If the records below hold pictures, omit them, and print exactly the lines from the first line through the line containing "<!DOCTYPE svg PUBLIC", inclusive.

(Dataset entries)
--------------------

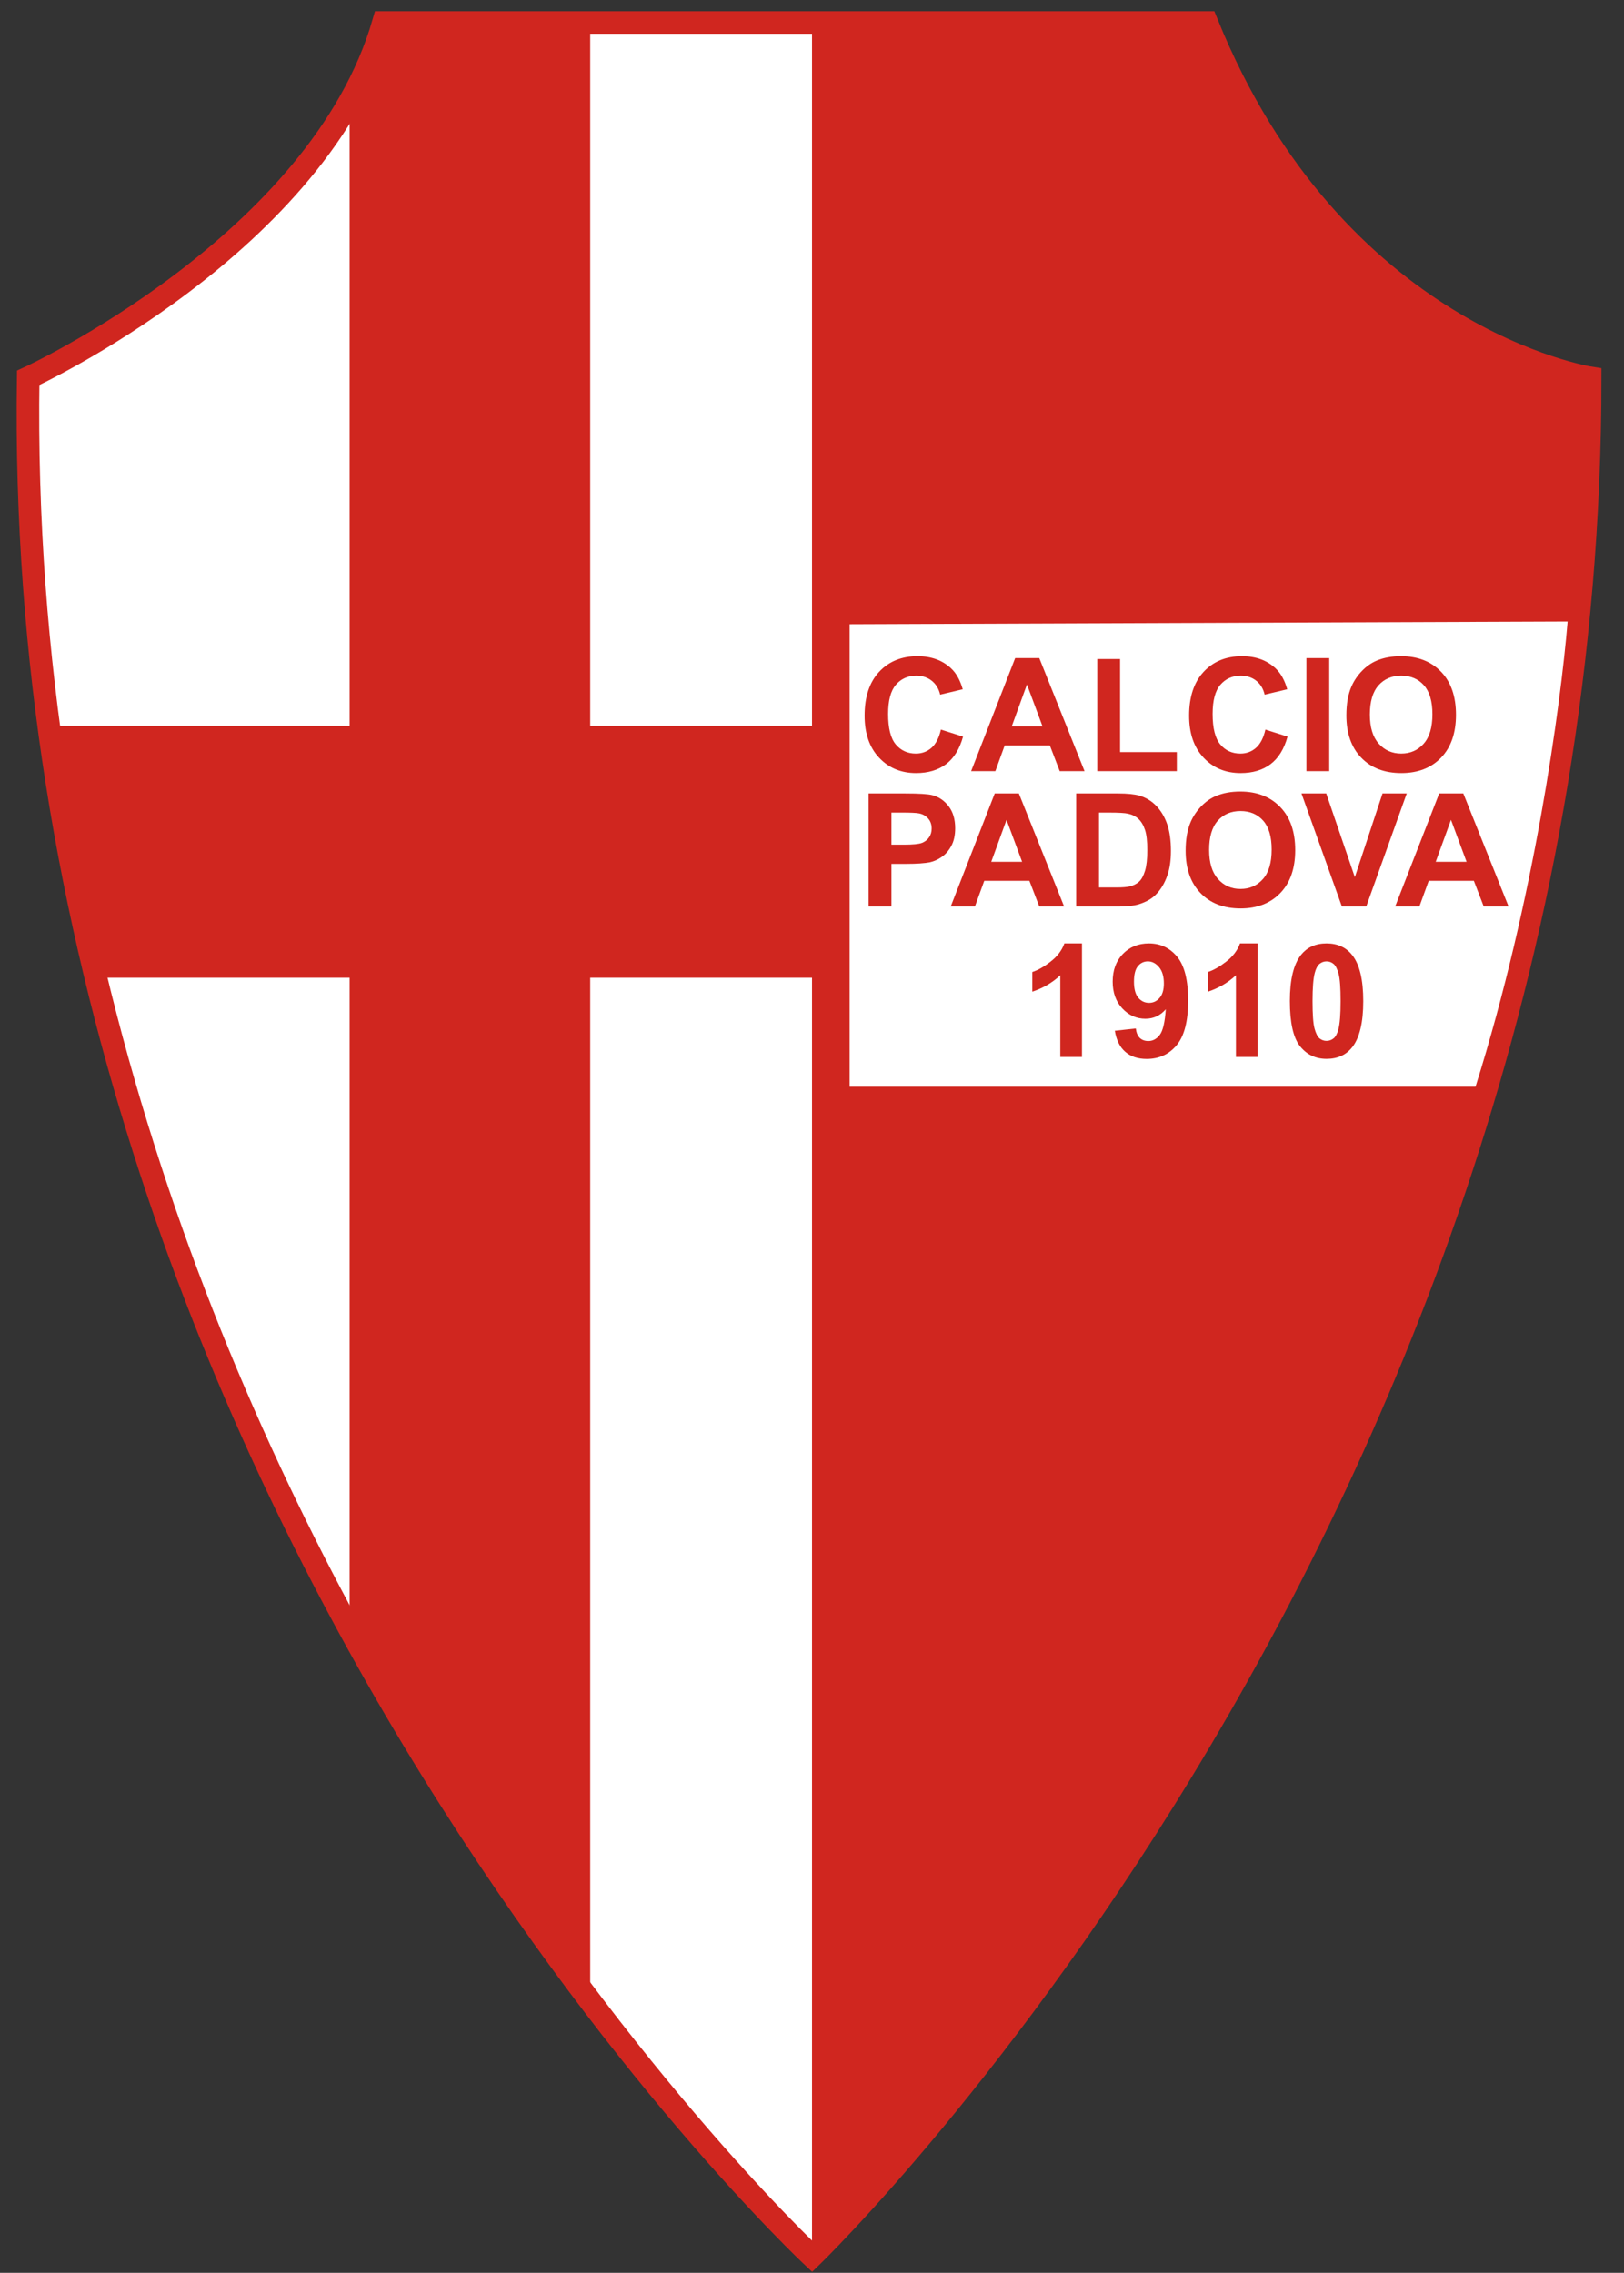 <?xml version="1.0" encoding="utf-8"?>
<!-- Generator: Adobe Illustrator 13.0.0, SVG Export Plug-In . SVG Version: 6.00 Build 14948)  -->
<!DOCTYPE svg PUBLIC "-//W3C//DTD SVG 1.0//EN" "http://www.w3.org/TR/2001/REC-SVG-20010904/DTD/svg10.dtd">
<svg version="1.0" xmlns="http://www.w3.org/2000/svg" xmlns:xlink="http://www.w3.org/1999/xlink" x="0px" y="0px" width="360px"
	 height="503.674px" viewBox="0 0 360 503.674" enable-background="new 0 0 360 503.674" xml:space="preserve">
<rect x="0" y="0" width="360" height="503.674" fill="#333333" stroke="none"/>
<g id="Ebene_2">
	<g id="Ebene_3">
	</g>
	<g>
		<defs>
			<path id="SVGID_1_" d="M85,4.993C70.833,54.16,6.25,83.743,6.25,83.743C2.5,334.158,180,499.993,180,499.993
				s172.5-166.665,172.5-416.25c0,0-56.665-8.75-85-78.75H85z"/>
		</defs>
		<clipPath id="SVGID_2_">
			<use xlink:href="#SVGID_1_"  overflow="visible"/>
		</clipPath>
		<rect y="0.833" clip-path="url(#SVGID_2_)" fill="#FFFFFF" width="180" height="502.842"/>
		<rect x="180" y="0.83" clip-path="url(#SVGID_2_)" fill="#D0261F" width="180" height="502.844"/>
		<rect x="2.5" y="160.833" clip-path="url(#SVGID_2_)" fill="#D0261F" width="177.5" height="55.835"/>
		<rect x="77.5" clip-path="url(#SVGID_2_)" fill="#D0261F" width="53.333" height="476.667"/>
		<use xlink:href="#SVGID_1_"  overflow="visible" fill="none" stroke="#D0261F" stroke-width="5"/>
	</g>
</g>
<g id="Ebene_4">
	<path fill="#FFFFFF" d="M188.335,138.323v102.5h138.75c13.052-41.516,18.872-84.512,20.415-103.096L188.335,138.323z"/>
</g>
<g id="Ebene_5">
	<g>
		<path fill="#D0261F" d="M208.574,161.68l4.907,1.555c-0.752,2.734-2.002,4.766-3.75,6.094c-1.753,1.326-3.97,1.99-6.655,1.99
			c-3.33,0-6.064-1.135-8.203-3.411c-2.144-2.271-3.213-5.378-3.213-9.321c0-4.17,1.074-7.407,3.228-9.717
			c2.153-2.305,4.985-3.459,8.491-3.459c3.066,0,5.557,0.906,7.471,2.717c1.143,1.072,1.992,2.61,2.563,4.614l-5.005,1.196
			c-0.298-1.299-0.918-2.324-1.855-3.076c-0.942-0.752-2.08-1.128-3.428-1.128c-1.855,0-3.364,0.667-4.521,2
			c-1.152,1.333-1.733,3.491-1.733,6.477c0,3.167,0.571,5.422,1.709,6.768s2.622,2.017,4.443,2.017c1.343,0,2.5-0.427,3.472-1.282
			C207.461,164.858,208.154,163.513,208.574,161.68z"/>
		<path fill="#D0261F" d="M240.415,170.891h-5.503l-2.188-5.691H222.71l-2.065,5.691h-5.371l9.761-25.054h5.347L240.415,170.891z
			 M231.104,160.979l-3.457-9.297l-3.379,9.297H231.104z"/>
		<path fill="#D0261F" d="M243.232,170.891v-24.849h5.059v20.627h12.578v4.221H243.232z"/>
		<path fill="#D0261F" d="M280.508,161.68l4.907,1.555c-0.752,2.734-2.002,4.766-3.75,6.094c-1.748,1.326-3.97,1.99-6.655,1.99
			c-3.33,0-6.064-1.135-8.203-3.411c-2.144-2.271-3.213-5.378-3.213-9.321c0-4.17,1.074-7.407,3.228-9.717
			c2.153-2.305,4.985-3.459,8.491-3.459c3.066,0,5.557,0.906,7.471,2.717c1.138,1.072,1.992,2.61,2.563,4.614l-5.005,1.196
			c-0.298-1.299-0.918-2.324-1.855-3.076c-0.942-0.752-2.085-1.128-3.428-1.128c-1.855,0-3.364,0.667-4.521,2
			s-1.733,3.491-1.733,6.477c0,3.167,0.571,5.422,1.709,6.768s2.622,2.017,4.443,2.017c1.343,0,2.5-0.427,3.472-1.282
			C279.395,164.858,280.088,163.513,280.508,161.68z"/>
		<path fill="#D0261F" d="M289.6,170.891v-25.054h5.059v25.054H289.6z"/>
		<path fill="#D0261F" d="M298.457,158.518c0-2.551,0.381-4.695,1.143-6.426c0.571-1.277,1.348-2.422,2.334-3.435
			s2.065-1.765,3.237-2.256c1.563-0.662,3.359-0.991,5.4-0.991c3.691,0,6.646,1.145,8.862,3.435s3.32,5.474,3.32,9.553
			c0,4.045-1.099,7.209-3.296,9.495c-2.197,2.283-5.137,3.425-8.818,3.425c-3.726,0-6.689-1.135-8.887-3.411
			C299.556,165.637,298.457,162.505,298.457,158.518z M303.667,158.347c0,2.837,0.654,4.988,1.968,6.45
			c1.309,1.465,2.969,2.197,4.99,2.197c2.012,0,3.667-0.728,4.961-2.178c1.294-1.455,1.943-3.633,1.943-6.538
			c0-2.871-0.63-5.012-1.89-6.426s-2.935-2.119-5.015-2.119c-2.09,0-3.77,0.715-5.044,2.144
			C304.307,153.308,303.667,155.464,303.667,158.347z"/>
		<path fill="#D0261F" d="M192.549,200.891v-25.054h8.115c3.076,0,5.078,0.125,6.016,0.376c1.436,0.376,2.637,1.194,3.604,2.451
			c0.972,1.26,1.455,2.886,1.455,4.88c0,1.538-0.278,2.832-0.84,3.879c-0.557,1.047-1.265,1.87-2.124,2.471
			c-0.864,0.596-1.733,0.994-2.622,1.187c-1.211,0.239-2.959,0.359-5.249,0.359h-3.296v9.451H192.549z M197.607,180.076v7.109h2.764
			c1.997,0,3.33-0.132,4.004-0.393c0.669-0.261,1.196-0.671,1.577-1.23c0.386-0.559,0.571-1.208,0.571-1.948
			c0-0.911-0.264-1.663-0.801-2.256s-1.211-0.962-2.031-1.111c-0.605-0.115-1.816-0.171-3.643-0.171H197.607z"/>
		<path fill="#D0261F" d="M235.889,200.891h-5.508l-2.188-5.691h-10.01l-2.07,5.691h-5.366l9.761-25.054h5.347L235.889,200.891z
			 M226.572,190.979l-3.452-9.297l-3.384,9.297H226.572z"/>
		<path fill="#D0261F" d="M238.555,175.837h9.248c2.08,0,3.672,0.159,4.766,0.479c1.47,0.432,2.729,1.201,3.779,2.307
			c1.045,1.106,1.846,2.458,2.393,4.06c0.547,1.599,0.82,3.574,0.82,5.92c0,2.063-0.259,3.84-0.771,5.332
			c-0.625,1.824-1.523,3.298-2.686,4.426c-0.874,0.854-2.061,1.521-3.555,2c-1.113,0.354-2.607,0.53-4.473,0.53h-9.521V175.837z
			 M243.613,180.076v16.594h3.779c1.411,0,2.432-0.081,3.057-0.239c0.82-0.205,1.499-0.552,2.041-1.042s0.986-1.296,1.328-2.417
			c0.342-1.123,0.508-2.654,0.508-4.59s-0.166-3.423-0.508-4.46s-0.82-1.846-1.436-2.427s-1.396-0.974-2.344-1.179
			c-0.708-0.159-2.09-0.239-4.15-0.239H243.613z"/>
		<path fill="#D0261F" d="M262.822,188.518c0-2.551,0.381-4.695,1.143-6.426c0.571-1.277,1.348-2.422,2.334-3.435
			s2.065-1.765,3.237-2.256c1.563-0.662,3.359-0.991,5.4-0.991c3.691,0,6.646,1.145,8.862,3.435s3.32,5.474,3.32,9.553
			c0,4.045-1.099,7.209-3.296,9.495c-2.197,2.283-5.137,3.425-8.818,3.425c-3.726,0-6.689-1.135-8.887-3.411
			C263.921,195.637,262.822,192.505,262.822,188.518z M268.032,188.347c0,2.837,0.654,4.988,1.968,6.45
			c1.309,1.465,2.969,2.197,4.99,2.197c2.012,0,3.667-0.728,4.961-2.178c1.294-1.455,1.943-3.633,1.943-6.538
			c0-2.871-0.63-5.012-1.89-6.426s-2.935-2.119-5.015-2.119c-2.09,0-3.77,0.715-5.044,2.144
			C268.672,183.308,268.032,185.464,268.032,188.347z"/>
		<path fill="#D0261F" d="M297.461,200.891l-8.955-25.054h5.488l6.338,18.542l6.138-18.542h5.366l-8.975,25.054H297.461z"/>
		<path fill="#D0261F" d="M334.414,200.891h-5.508l-2.188-5.691h-10.01l-2.07,5.691h-5.366l9.761-25.054h5.347L334.414,200.891z
			 M325.098,190.979l-3.452-9.297l-3.384,9.297H325.098z"/>
	</g>
	<g>
		<path fill="#D0261F" d="M239.844,234.226h-4.805v-18.098c-1.753,1.641-3.818,2.854-6.201,3.64v-4.358
			c1.255-0.41,2.617-1.187,4.082-2.334c1.475-1.143,2.48-2.48,3.027-4.006h3.896V234.226z"/>
		<path fill="#D0261F" d="M247.129,228.433l4.648-0.513c0.112,0.945,0.41,1.646,0.889,2.102s1.108,0.684,1.895,0.684
			c0.991,0,1.836-0.457,2.529-1.367s1.138-2.803,1.333-5.674c-1.206,1.401-2.72,2.102-4.526,2.102c-1.973,0-3.672-0.762-5.103-2.28
			c-1.431-1.523-2.144-3.501-2.144-5.94c0-2.542,0.752-4.587,2.261-6.145c1.509-1.553,3.433-2.332,5.767-2.332
			c2.544,0,4.629,0.984,6.26,2.947c1.626,1.968,2.441,5.2,2.441,9.7c0,4.58-0.85,7.883-2.549,9.912
			c-1.694,2.029-3.906,3.042-6.631,3.042c-1.958,0-3.54-0.52-4.746-1.565C248.242,232.065,247.471,230.505,247.129,228.433z
			 M257.998,217.939c0-1.55-0.356-2.751-1.069-3.606s-1.538-1.282-2.471-1.282c-0.889,0-1.626,0.352-2.212,1.05
			c-0.586,0.703-0.879,1.851-0.879,3.445c0,1.619,0.317,2.805,0.957,3.562c0.635,0.759,1.436,1.138,2.393,1.138
			c0.918,0,1.699-0.364,2.329-1.094C257.681,220.422,257.998,219.353,257.998,217.939z"/>
		<path fill="#D0261F" d="M278.774,234.226h-4.8v-18.098c-1.758,1.641-3.823,2.854-6.206,3.64v-4.358
			c1.255-0.41,2.612-1.187,4.087-2.334c1.465-1.143,2.476-2.48,3.022-4.006h3.896V234.226z"/>
		<path fill="#D0261F" d="M294.067,209.07c2.427,0,4.321,0.867,5.688,2.598c1.631,2.051,2.446,5.452,2.446,10.203
			c0,4.739-0.82,8.147-2.461,10.22c-1.357,1.709-3.247,2.563-5.674,2.563c-2.437,0-4.404-0.938-5.894-2.813
			c-1.494-1.873-2.241-5.215-2.241-10.022c0-4.717,0.82-8.113,2.461-10.186C289.751,209.924,291.641,209.07,294.067,209.07z
			 M294.067,213.052c-0.581,0-1.099,0.186-1.558,0.557c-0.454,0.369-0.806,1.033-1.055,1.99c-0.332,1.243-0.498,3.333-0.498,6.272
			s0.146,4.958,0.444,6.06c0.298,1.099,0.669,1.831,1.118,2.195s0.967,0.547,1.548,0.547s1.099-0.186,1.558-0.554
			c0.454-0.371,0.806-1.035,1.055-1.992c0.332-1.23,0.498-3.315,0.498-6.255s-0.146-4.958-0.444-6.06
			c-0.298-1.099-0.669-1.833-1.118-2.202C295.166,213.237,294.648,213.052,294.067,213.052z"/>
	</g>
</g>
</svg>

--------------------

#### RESPONSE BOX:
 <?xml version="1.0" encoding="utf-8"?>
<!-- Generator: Adobe Illustrator 13.0.0, SVG Export Plug-In . SVG Version: 6.00 Build 14948)  -->
<!DOCTYPE svg PUBLIC "-//W3C//DTD SVG 1.0//EN" "http://www.w3.org/TR/2001/REC-SVG-20010904/DTD/svg10.dtd">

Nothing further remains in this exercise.